_WORK REQUIRED_
Copy the following listing word for word.

---*---

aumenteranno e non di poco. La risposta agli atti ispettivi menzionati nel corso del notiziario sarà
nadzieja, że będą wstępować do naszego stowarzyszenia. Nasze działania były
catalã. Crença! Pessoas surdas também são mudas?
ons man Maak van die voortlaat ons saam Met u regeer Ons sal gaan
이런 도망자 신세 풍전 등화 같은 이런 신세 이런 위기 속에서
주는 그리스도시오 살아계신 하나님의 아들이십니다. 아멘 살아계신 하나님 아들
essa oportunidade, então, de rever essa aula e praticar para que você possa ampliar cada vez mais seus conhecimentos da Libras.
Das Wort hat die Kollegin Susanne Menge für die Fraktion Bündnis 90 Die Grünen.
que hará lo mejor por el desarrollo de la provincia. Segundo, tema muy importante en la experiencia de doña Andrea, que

---*---

_OUTPUT FOR THIS TASK_
aumenteranno e non di poco. La risposta agli atti ispettivi menzionati nel corso del notiziario sarà
nadzieja, że będą wstępować do naszego stowarzyszenia. Nasze działania były
catalã. Crença! Pessoas surdas também são mudas?
ons man Maak van die voortlaat ons saam Met u regeer Ons sal gaan
이런 도망자 신세 풍전 등화 같은 이런 신세 이런 위기 속에서
주는 그리스도시오 살아계신 하나님의 아들이십니다. 아멘 살아계신 하나님 아들
essa oportunidade, então, de rever essa aula e praticar para que você possa ampliar cada vez mais seus conhecimentos da Libras.
Das Wort hat die Kollegin Susanne Menge für die Fraktion Bündnis 90 Die Grünen.
que hará lo mejor por el desarrollo de la provincia. Segundo, tema muy importante en la experiencia de doña Andrea, que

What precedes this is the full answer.